PLOT: Once upon a time, Jill Parrish was taken from her home and placed in a large hole in the middle of the woods. Lucky for her, she escaped. Yet when her sister goes missing a year or so after the incident, Jill is sure that it is the same man. Proving this to police becomes a difficult task for her since there was never any proof found in regards to her own kidnapping. Desperate and ready to face her darkest demon, she takes it upon herself to save her sister from that same crazed killer… if he exists!?!
Hey kids look, it’s Nancy Drew on acid… or at least some sort of illegal substance. If you don’t know the reference, “Nancy Drew” is a fictional teen detective. What does that have to do with the new flick starring Amanda Seyfried called GONE? Well, they are both equally unbelievable. When she realizes no one will believe that her sister has been kidnapped, Seyfried goes on her own investigation. This journey leads her to a few oddball moments where suspension of disbelief seems damn near impossible. Yet she has those big, beautiful eyes so why the f*ck not?
In GONE Seyfried plays Jill Parrish, a young woman who was supposedly taken from her bed one night and placed in a deep hole in the middle of the forest. Somehow she escaped, but because the police department is staffed by a bunch of morons they find no evidence of the kidnapper or the kidnapping. Of course, these cops couldn’t find a hole in their own butt let alone the middle of the woods. So this poor girl is committed and given treatment for her wacky stories. Of course the audience is forced into the “is she or isn’t she crazy” thing which mostly makes everybody else look nutso. After a year or two has passed (I honestly don’t remember how long it was), Jill’s sister Molly (Emily Wickersham) disappears. Thus, GONE spends its time setting up red herrings and playing wink-wink with the audience in regards to Jill’s sanity.

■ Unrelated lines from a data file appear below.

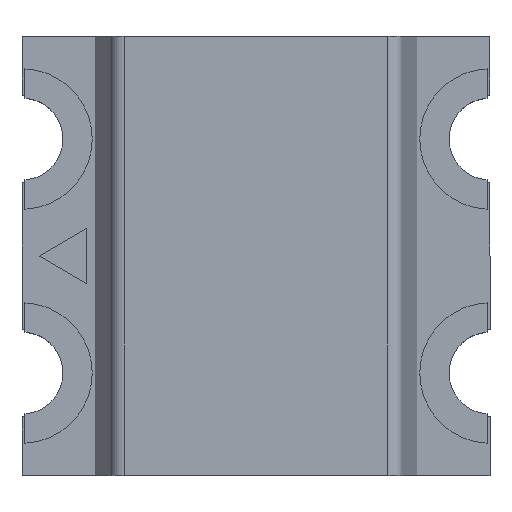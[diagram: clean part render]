
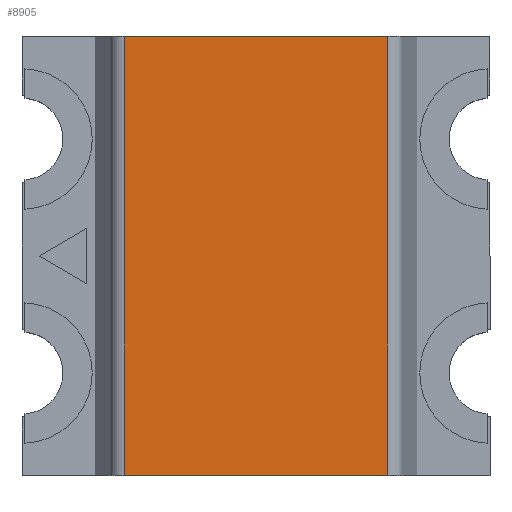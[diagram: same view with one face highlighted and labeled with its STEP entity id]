
A CAD part, top view. The second image highlights one B-rep face of the part: STEP entity #8905.
In plain terms, the highlighted planar face has unit normal (0, 0, 1).
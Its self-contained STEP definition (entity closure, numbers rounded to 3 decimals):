
#113 = EDGE_CURVE ( 'NONE', #5318, #1515, #5871, .T. ) ;
#284 = DIRECTION ( 'NONE',  ( -1., 0., 0. ) ) ;
#303 = PLANE ( 'NONE',  #5343 ) ;
#421 = LINE ( 'NONE', #4954, #12652 ) ;
#556 = VECTOR ( 'NONE', #7117, 1000. ) ;
#591 = EDGE_CURVE ( 'NONE', #1515, #11953, #421, .T. ) ;
#1181 = CARTESIAN_POINT ( 'NONE',  ( -0.45, -0.75, 0.6 ) ) ;
#1515 = VERTEX_POINT ( 'NONE', #12353 ) ;
#2009 = DIRECTION ( 'NONE',  ( 0., -1., 0. ) ) ;
#2359 = FACE_OUTER_BOUND ( 'NONE', #12804, .T. ) ;
#2495 = CARTESIAN_POINT ( 'NONE',  ( -0.45, 0.75, 0.6 ) ) ;
#3569 = CARTESIAN_POINT ( 'NONE',  ( 0.45, 0.75, 0.6 ) ) ;
#3720 = VECTOR ( 'NONE', #2009, 1000. ) ;
#4095 = EDGE_CURVE ( 'NONE', #11953, #7335, #9265, .T. ) ;
#4104 = CARTESIAN_POINT ( 'NONE',  ( 0.45, -0.75, 0.6 ) ) ;
#4954 = CARTESIAN_POINT ( 'NONE',  ( -0.45, 1.898, 0.6 ) ) ;
#5318 = VERTEX_POINT ( 'NONE', #3569 ) ;
#5343 = AXIS2_PLACEMENT_3D ( 'NONE', #13455, #13246, #11033 ) ;
#5684 = ORIENTED_EDGE ( 'NONE', *, *, #591, .T. ) ;
#5871 = LINE ( 'NONE', #2495, #6078 ) ;
#6078 = VECTOR ( 'NONE', #284, 1000. ) ;
#7117 = DIRECTION ( 'NONE',  ( 1., 0., 0. ) ) ;
#7335 = VERTEX_POINT ( 'NONE', #4104 ) ;
#8154 = ORIENTED_EDGE ( 'NONE', *, *, #113, .T. ) ;
#8191 = CARTESIAN_POINT ( 'NONE',  ( -0.45, -0.75, 0.6 ) ) ;
#8905 = ADVANCED_FACE ( 'NONE', ( #2359 ), #303, .F. ) ;
#9265 = LINE ( 'NONE', #8191, #556 ) ;
#9372 = EDGE_CURVE ( 'NONE', #5318, #7335, #12684, .T. ) ;
#9791 = DIRECTION ( 'NONE',  ( 0., -1., 0. ) ) ;
#10817 = CARTESIAN_POINT ( 'NONE',  ( 0.45, 1.898, 0.6 ) ) ;
#11033 = DIRECTION ( 'NONE',  ( -1., 0., 0. ) ) ;
#11953 = VERTEX_POINT ( 'NONE', #1181 ) ;
#12353 = CARTESIAN_POINT ( 'NONE',  ( -0.45, 0.75, 0.6 ) ) ;
#12502 = ORIENTED_EDGE ( 'NONE', *, *, #4095, .T. ) ;
#12652 = VECTOR ( 'NONE', #9791, 1000. ) ;
#12684 = LINE ( 'NONE', #10817, #3720 ) ;
#12804 = EDGE_LOOP ( 'NONE', ( #13084, #8154, #5684, #12502 ) ) ;
#13084 = ORIENTED_EDGE ( 'NONE', *, *, #9372, .F. ) ;
#13246 = DIRECTION ( 'NONE',  ( 0., 0., -1. ) ) ;
#13455 = CARTESIAN_POINT ( 'NONE',  ( -0.45, 1.898, 0.6 ) ) ;

Much of what went into this ultra safe thriller is generic and predictable. Director Heitor Dhalia and screenwriter Allison Burnett build very little tension or suspense. We simply follow Jill to her job and then back to her home where her sister has gone missing. The rest of the plot is so far-fetched and ill conceived that it is hard to take any of the proceedings too seriously. Do they expect us to believe – no matter how desperate she is – Amanda Seyfried could outrun police in a car chase? Each clue is blatantly obvious and the “surprises” are few and far between. Hell, there is even the old cat jumping out of a closet scare to make the audience jump. Who are they trying to scare with that? Even younger audiences won’t be all that terrified when Garfield gives his menacing “meow.”
As by the books and thrill-less as this is, it isn’t as bad as it could have been. First off, you can’t help but root for Seyfried, especially when the moronic cops don’t even bother checking her story. Even with the coolness of Michael Pare as the Lieutenant, these officers of the law were worthless. Yet Seyfried’s performance is convincing enough to charm the hell out of you, even if her adventures are utterly implausible. Also quite good is Wickersham as Molly. She is incredibly likable and her relationship with Jill was shockingly effective. Of course she’d better be worth caring for if her sister would be willing to risk everything to track her down – the killer tends to keep the victims until night falls so time is of the essence.
Besides a couple of decent cast member including Jennifer Carpenter (“Dexter”) and Wickersham, there is one other thing that I appreciated about GONE. A couple of the choices our heroine makes at the end of the film are unusual for this kind of thriller. It is not nearly as safe and PC as one would expect. Not that this is a great ending thanks to a ridiculously anti-climatic finale, but hey, at least it didn’t wimp out as much as it could have. If you happen to be a fan of the lovely Amanda Seyfried, then maybe you should hope she chooses some better films. However, if you have nothing better to do, this might be worth checking out as a cheapo DVD rental. It might even end up as a dumb and goofy guilty pleasure.